# Sony Handycam to iMac connection?



## theroadsplit (Jul 4, 2007)

I'm having a problem with the Sony DCR-SR42 on my new iMac. I just can't even get the Mac to recognize it. I learned a lesson by assuming that the newest Sony gear with the newest Mac gear should just talk and get along well. I haven't even found any proposed solution out there except a $100 Mac software mentioned on the profile for the camera on c|net that I haven't been able to find. (See link below under "The Bad:") Anyone know where to find this software?

http://reviews.cnet.com/digital-camc...-32417452.html

Does anyone know if this connection, conversion, anything is possible or should I run it back to Best Buy as quick as possible and see if they'll at least exchange it? Any thoughts anyone?

Peace and Good,
El Marko


----------



## VegasACF (May 27, 2005)

theroadsplit said:


> I'm having a problem with the Sony DCR-SR42 on my new iMac. I just can't even get the Mac to recognize it. I learned a lesson by assuming that the newest Sony gear with the newest Mac gear should just talk and get along well. I haven't even found any proposed solution out there except a $100 Mac software mentioned on the profile for the camera on c|net that I haven't been able to find. (See link below under "The Bad:") Anyone know where to find this software?
> 
> http://reviews.cnet.com/digital-camc...-32417452.html





The Site to Which You Linked said:


> We're sorry, but the page you requested could not be found.


Does this camera not have a FireWire connection? I know _my_ Sony MiniDV cam has such a connection. All that you have to do is use the correct cable to connect it to the computer, launch iMovie (if it didn't launch on its own after connection), and import your video.



theroadsplit said:


> Does anyone know if this connection, conversion, anything is possible or should I run it back to Best Buy as quick as possible and see if they'll at least exchange it? Any thoughts anyone?


If it doesn't have a FireWire connection I would take it back. With luck you've got all the packaging and can get it back the way it came (best of luck with that!), and all you'll have to pay is a restocking fee.


----------



## ThreeDee912 (Feb 11, 2006)

There was a recent Mac update, 10.4.10, that added a bunch of compatibility for some new USB devices. Did you already try installing it?

Also, I recommend you use Firewire. A lot better than USB at data transfer. Most camcorders have a Firewire port.
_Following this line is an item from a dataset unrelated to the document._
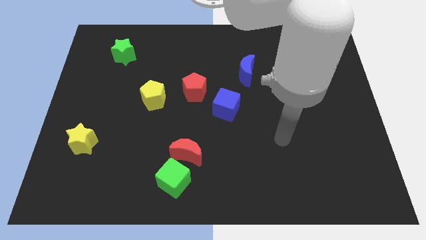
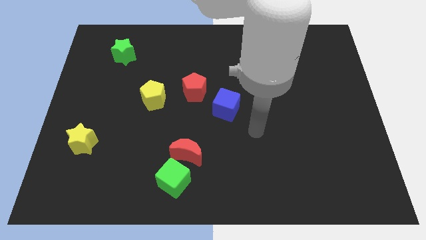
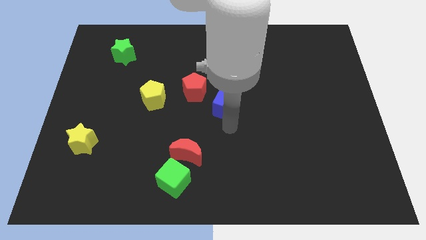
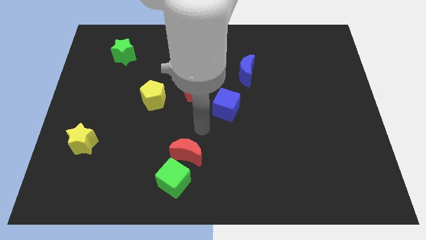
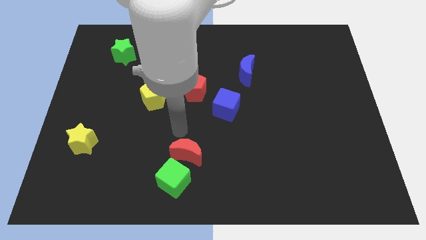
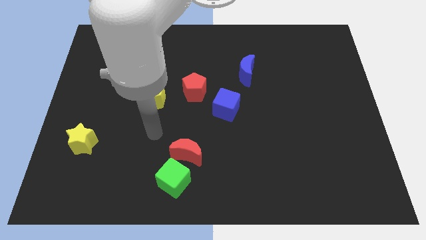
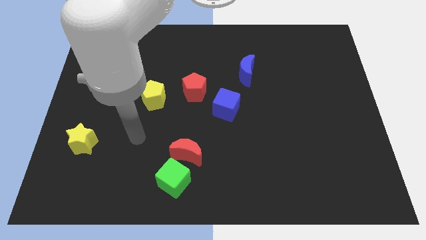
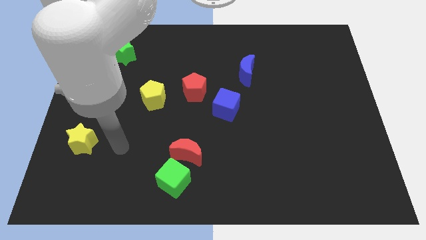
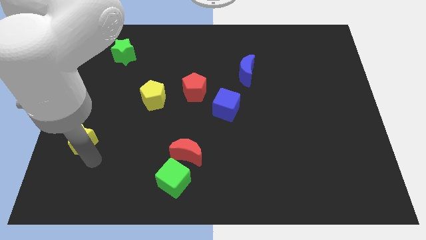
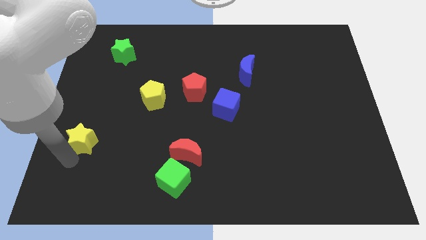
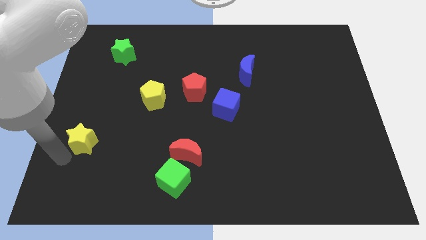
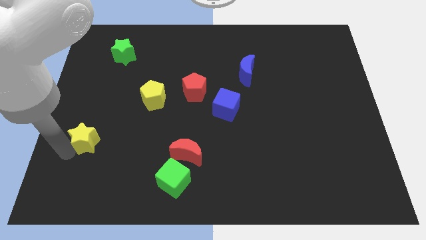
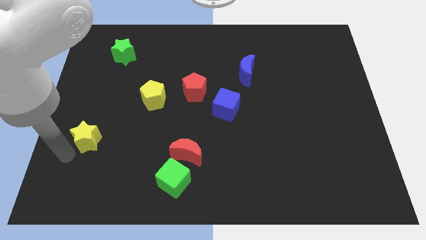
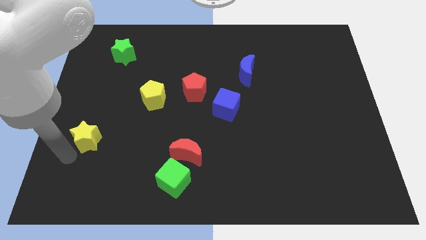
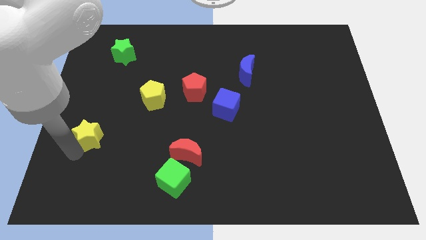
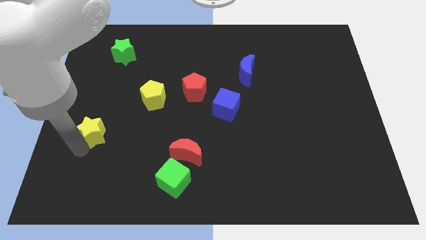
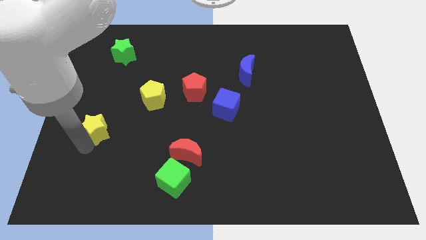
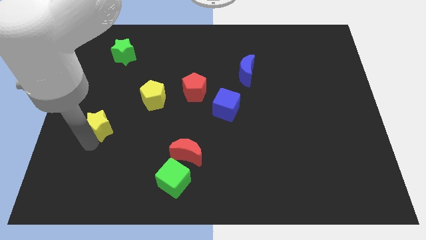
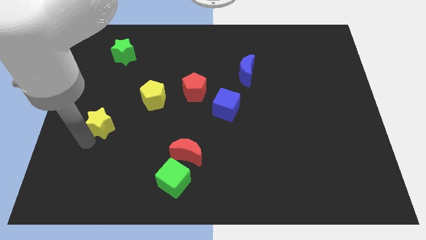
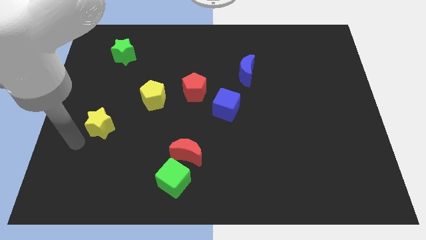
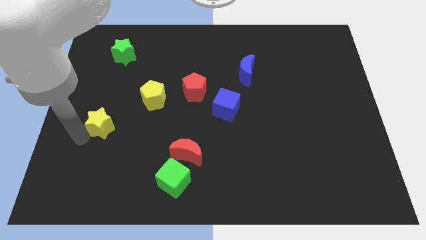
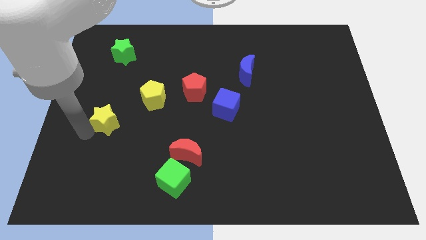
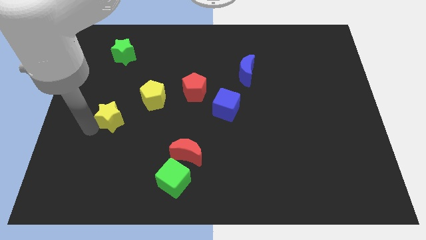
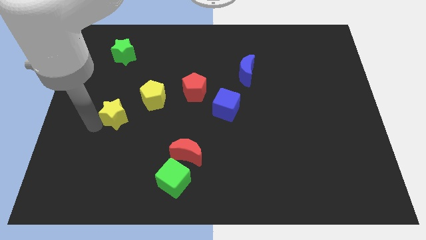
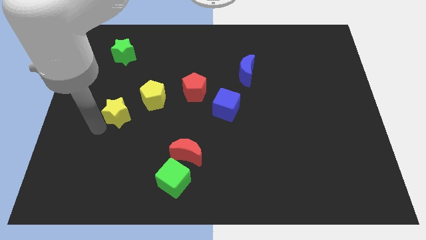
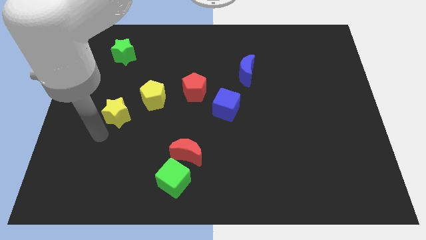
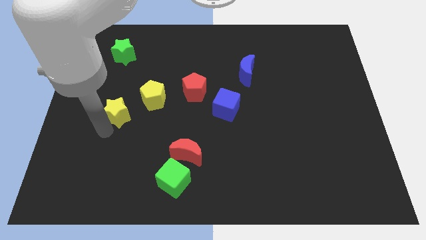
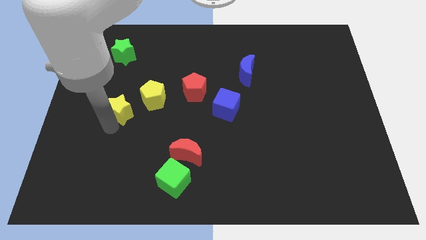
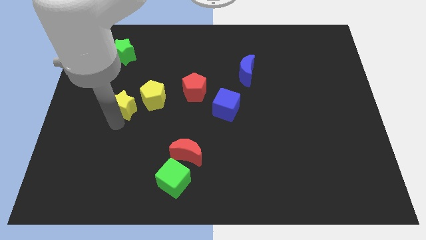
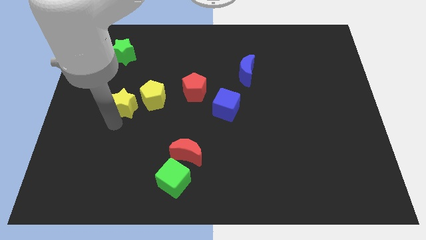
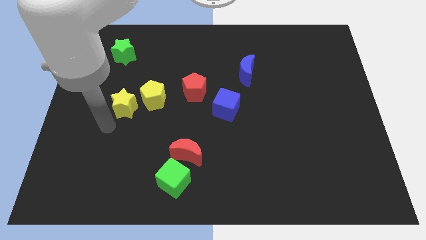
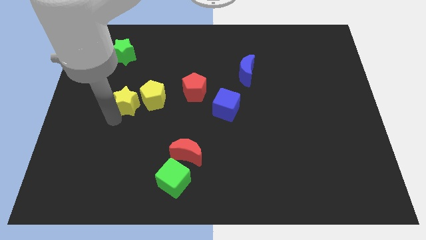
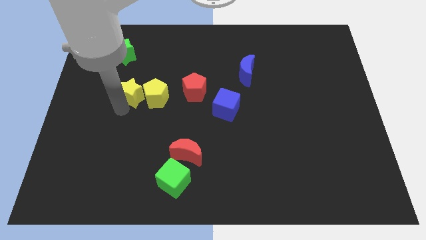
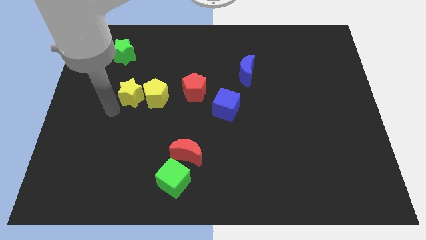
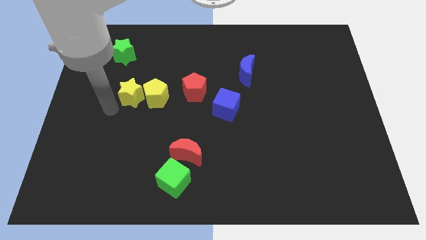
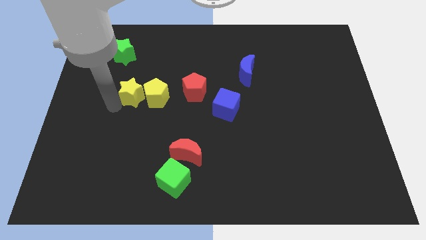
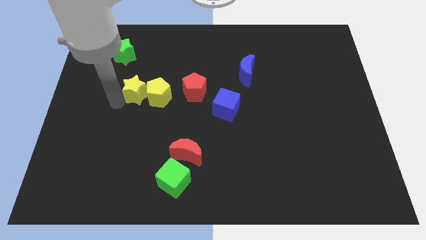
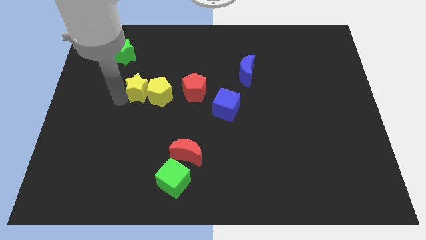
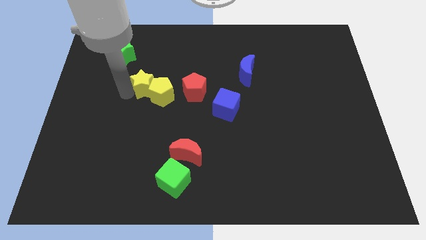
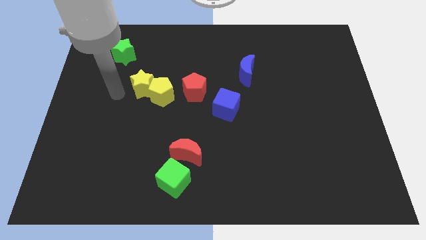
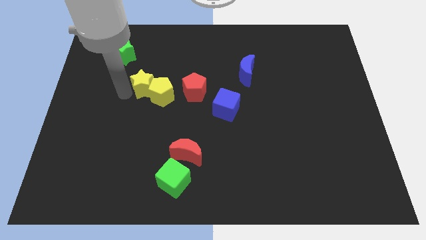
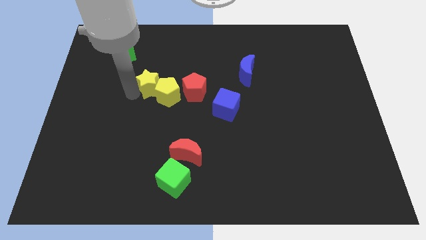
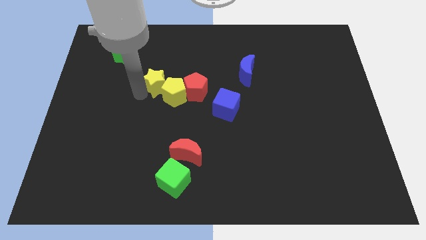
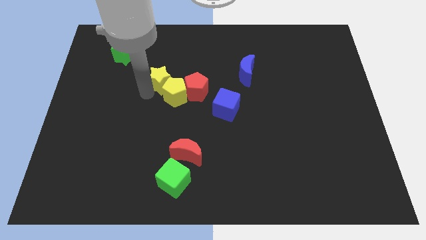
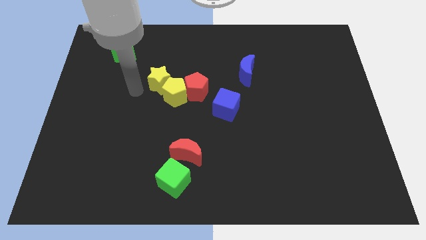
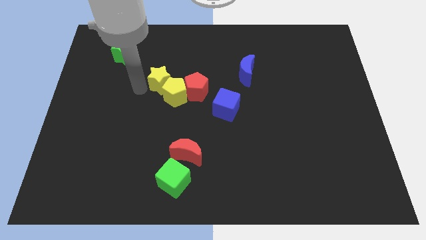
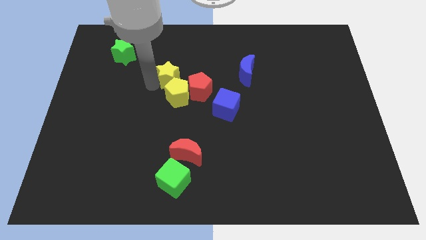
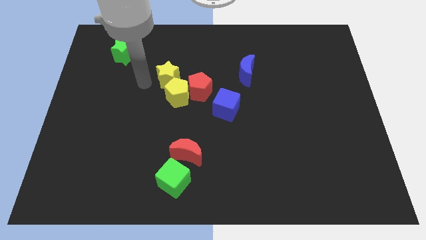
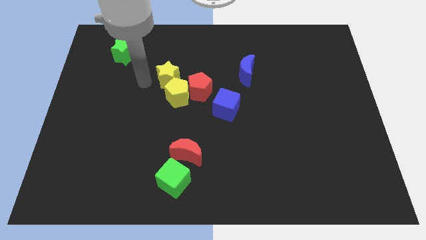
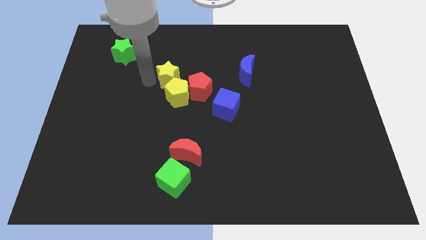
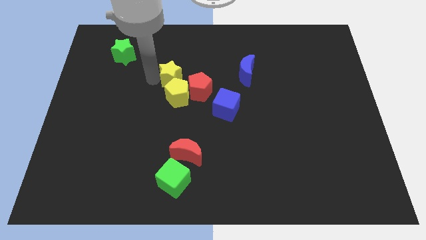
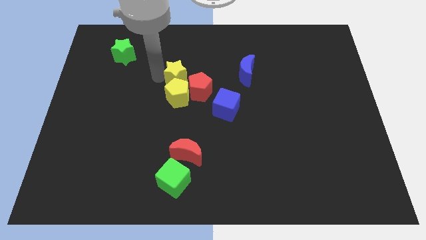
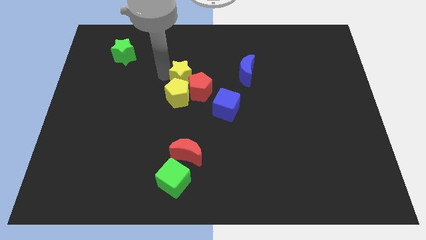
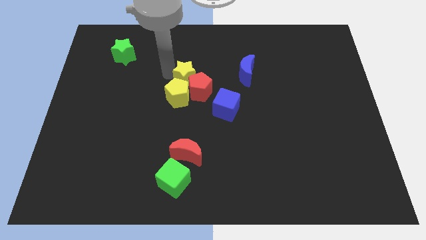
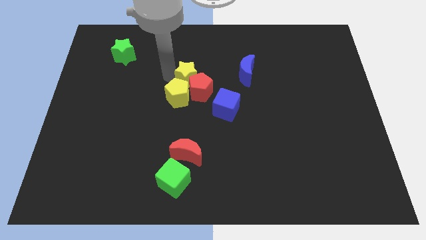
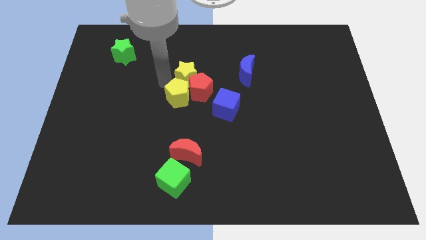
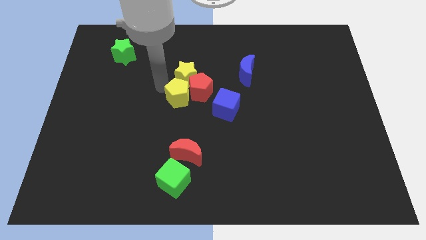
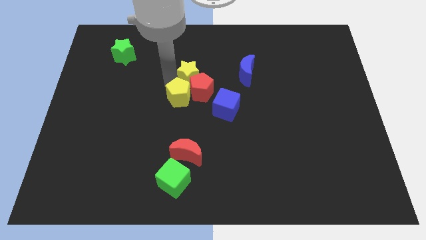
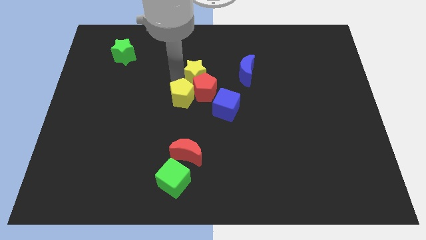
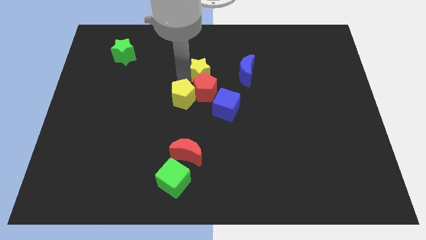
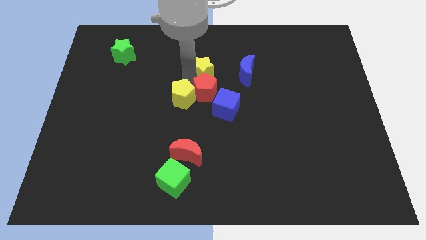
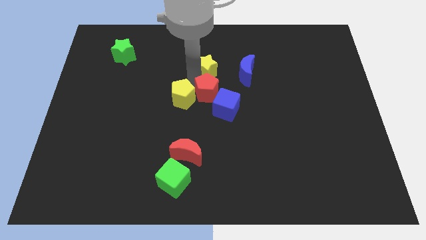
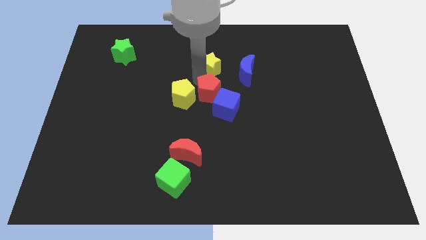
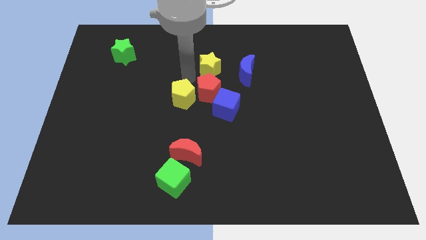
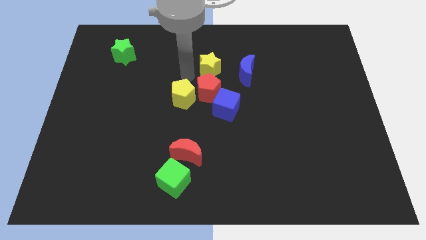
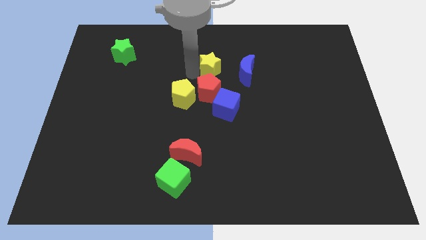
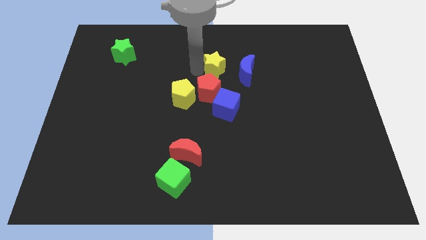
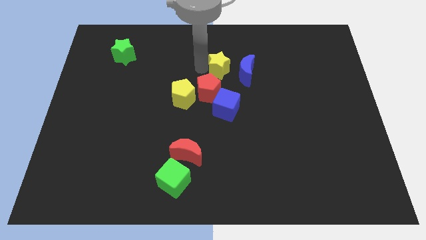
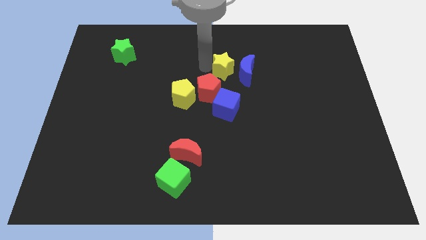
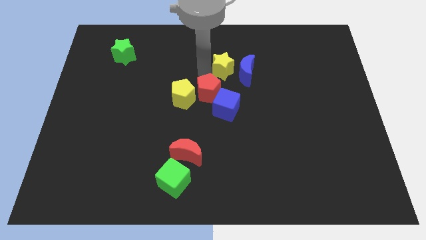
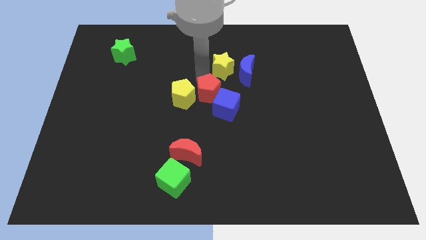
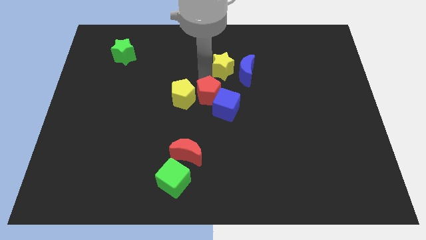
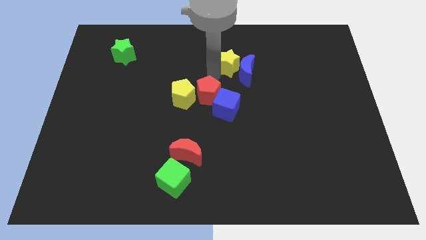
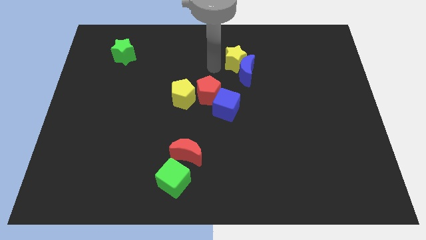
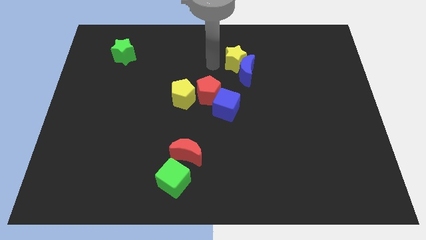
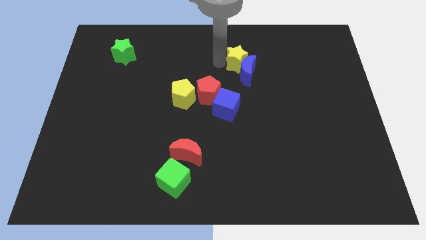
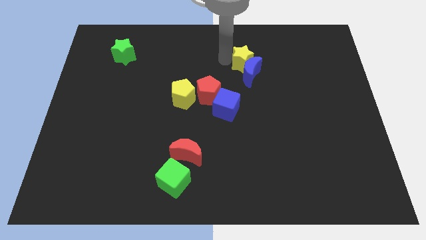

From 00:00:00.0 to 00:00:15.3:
push the yellow star to the top right side of the blue moon

I also found this link: http://discussions.apple.com/thread.jspa?messageID=4205448&#4205448

$30, which might make it work.


----------



## krusej23 (Jul 18, 2007)

I am having troubles connecting it to my Windows XP laptop. It takes forever(half an hour or longer) for it to connect to the computer and for my computer to recognize the camcorder. Is this normal(I'm assuming not) or is there something I am not doing right? Thanks!


----------



## VegasACF (May 27, 2005)

Your question is better asked in one of our spacious Windows-themed fora. Since you're likely to get a larger number of those who know Windows inside and out in such a place you're more likely to get a swift and accurate response there. 

Sorry to be of no more help than this.


----------